Researcher devotes both his personal and professional time to boosting the well being of men and families affected by the disease.
Few conditions affect more men than prostate cancer. Approximately one in seven Canadian men will develop the disease at some point during his lifetime, according to the Canadian Cancer Society. For around one in 29, a prostate cancer diagnosis will prove fatal.
This is something Dr. Michael Cox knows all too well. Earlier this year, he lost a good friend to the disease. This June 16, he will be participating in the Father’s Day Walk Run for Prostate Cancer to raise funds for Prostate Cancer Foundation BC in honour of his friend and in recognition of the countless others prostate cancer affects every day.
Cox sits on the Prostate Cancer Foundation BC board as a scientific advisor in addition to serving on the Prostate Cancer Canada's Research Advisory Council. However, his main focus is his work with the Vancouver Prostate Centre (VPC), where he is a senior research scientist.
Cox is one of the earliest team members at the VPC, having moved from Charlottesville, Virginia to Vancouver to set up his lab at VPC only three years after the centre was founded in 1997. Since then, his work has focused on identifying new approaches and possible treatments to improve the lives of men and families affected by prostate cancer.
A dedication to prostate cancer research and care
Cox’s most recently published paper—released in the journal Cancer Research in May 2019—found that a cholesterol-related protein called scavenger receptor B1 (SR-B1) could be partly responsible for prostate cancer growth and proliferation.
Cox’s research could lead to a new therapy that puts stress on cancer cells by destroying SR-B1, thereby stopping the growth and spread of prostate cancer.
Cox’s research also includes investigations into a genetic mutation that makes some men more vulnerable to developing prostate cancer. Called TMPRSS2-ERG, the genetic mutation is behind half of all prostate cancer diagnoses among Caucasian men, and around one third of diagnoses among African and Asian men, respectively. This research could lead to the development of a new medication that bypasses the need for hormone therapy—which is currently used to treat prostate cancer—among men with this genetic mutation.
“Hormone therapy blocks testosterone in men, which can lead to chest enlargement and tenderness, impotence, loss of libido and lethargy,” says Cox. “By precluding the need for hormone therapy, we would be saving men from these potentially life-altering side effects.”
"Something I always ask myself is: ‘How can we increase the quality of life of patients by reducing the burden of cancer?’”
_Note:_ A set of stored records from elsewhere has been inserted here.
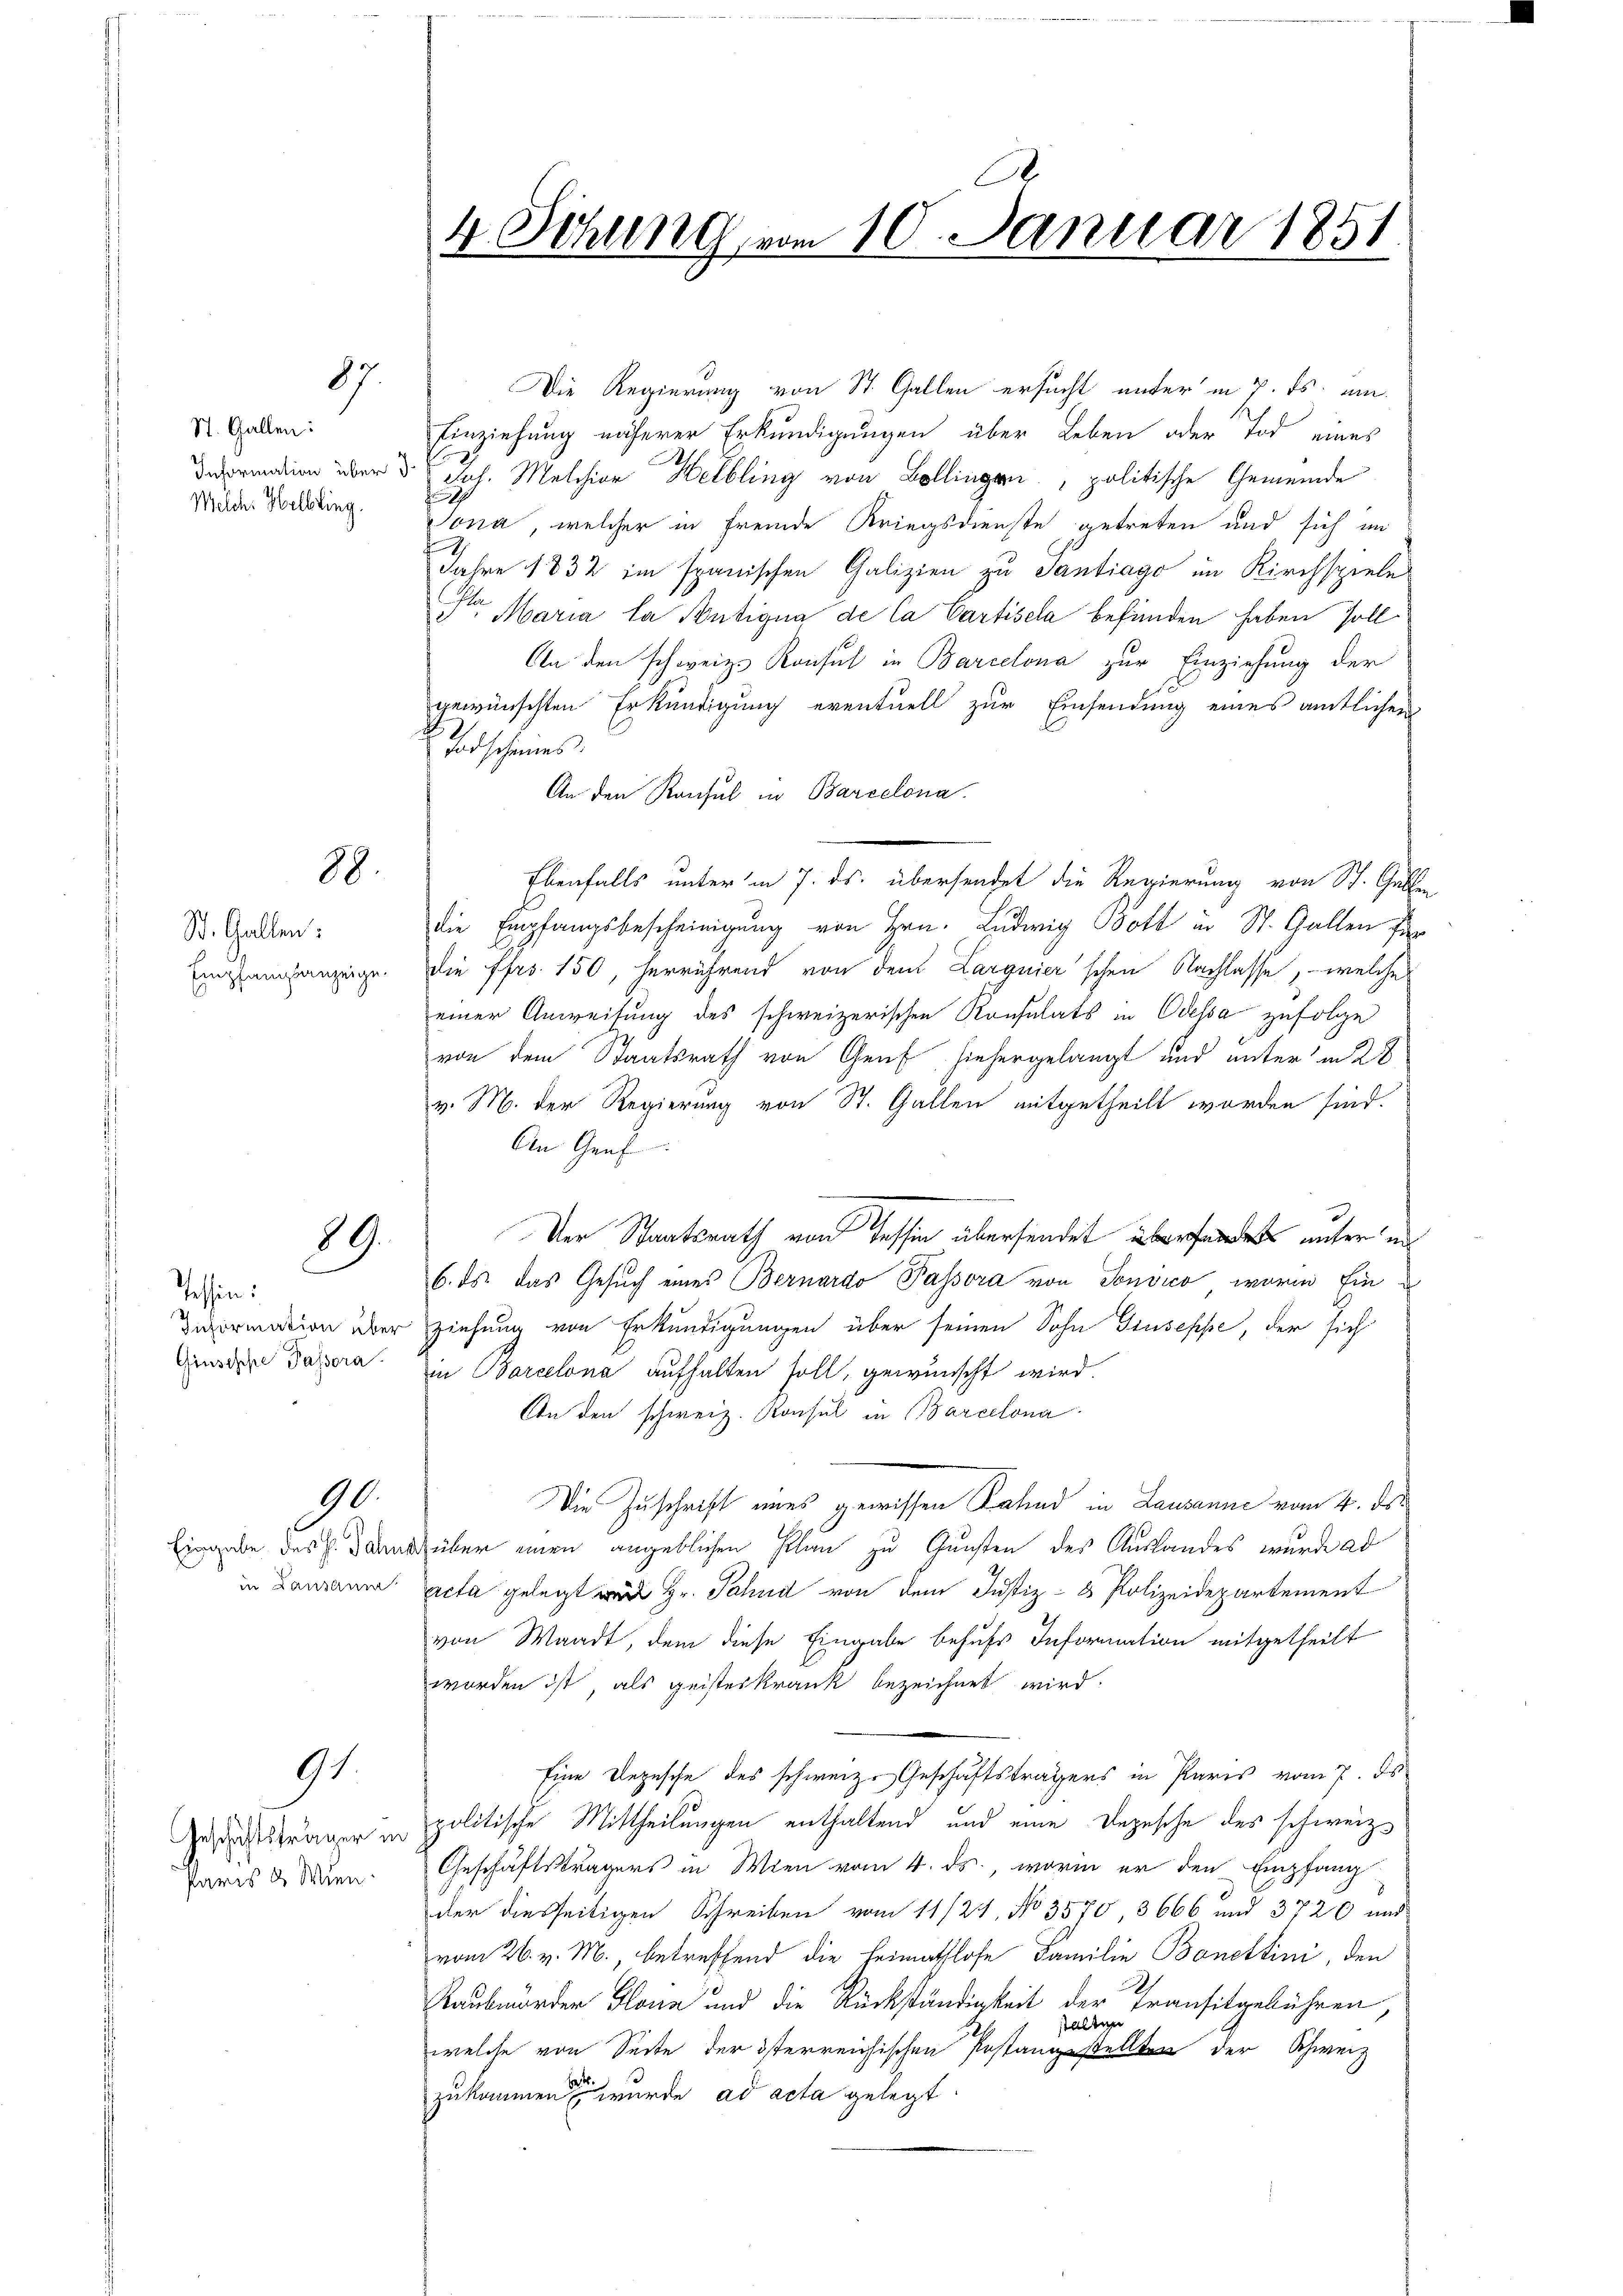
87.

St. Gallen:
Information über
Welche Helbling.

88.

St. Gallen:
Empfangsanzeige

89.

Tessin:
Information über
Giuseppe Passora

90.

Eingabe des H. Jahn
in Lausanna

91.

Geschichtsträger in
Paris u Wien.

A
4. Sitzung vom 10. Januar 1851

Die Regierung von St. Gallen ersucht unter in 7. ds. um
Einziehung näherer Erkundigungen über Leben oder Tod eines
Joh. Melchior Helbling von Bollingen politische Gemeinde
Sona, welcher in fremde Kriegsdienste getreten und sich im
Jahre 1832 im spanischen Galizien zu Santiago im Kirchspiele
u. Maria la Antiqua de la Cartisela befunden haben soll
An den schweiz. Konsul in Barcelona zur Einziehung der
gewünschten Erkundigung eventuell zur Einsendung eines amtlicher
Todschenes.
An den Konsul in Barcelona.
die Empfangsbescheinigung von Hrn. Ludwig Bott in St. Gallen für
die Frs. 150, herrührend von dem Larguier'schen Nachlasse, welche
einer Anweisung des schweizerischen Konsulats in Odessa zufolge
von dem Staatsrath von Genf hiehergelangt und unter in 28
v. M. der Regierung von St. Gallen mitgetheilt worden sind.
An Graf
Der Staatsrath von Tessin übersendet und unter un
6. ds. das Gesuch eines Bernardo Passora von Sonvico, worin Einziehung von Erkundigungen über seinen Sohn Giuseppe, der sich
in Barcelona aufhalten soll, gewünscht wird.
An den schweiz. Konsul in Barcelona
Die Zuschrift eines gewissen Salind in Lausanne vom 4. ds.
über einen angeblichen Plan zu Gunsten des Auslandes wurde ad
acta gelegt wird Hr. Pahnd von dem Justiz- & Polizeidepartement
von Waadt, dem diese Eingabe behufs Information mitgetheilt
worden ist, als geisteskrank bezeichnet wird.
Eine Depesche des schweiz. Geschäftsträgers in Pares vom 7. ds
politische Mittheilungen enthaltend und eine Depesche des schweiz.
Geschäftsträgers in Wien vom 4. ds., worin er den Empfang
der diesseitigen Schreiben vom 11/21. No 3570 8666 und 3720 und
vom 26. v. M., betreffend die Heimathlose Familie Bonettini, den
Raubmorden Glanz und die Rückständigkeit der Transitgebühren,
stalten
124
welche von Seite der österreichischen Postangestellten der Schweiz
zukommen wurde ad acta gelegt.

Ebenfalls unter in 7. ds. übersendet die Regierung von St. Galle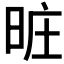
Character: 𣆮

On top of his clinical and research work, Cox is an avid road cyclist, often biking the 45-kilometre route from his home in South Surrey to the VPC offices at Vancouver General Hospital several times per week—a four-hour round trip!
Cox also volunteers a lot of his time to his research team, including mentoring postdoctoral fellows, and in the community. He conducts public outreach wherever possible to educate community members about the importance of prostate cancer screening, along with providing information about what resources and supports are available to men and their families after receiving a diagnosis.
“As the father of a son and daughter, and friend to many men, the research I do at VPC and in the community is foremost to me on a personal and professional level.”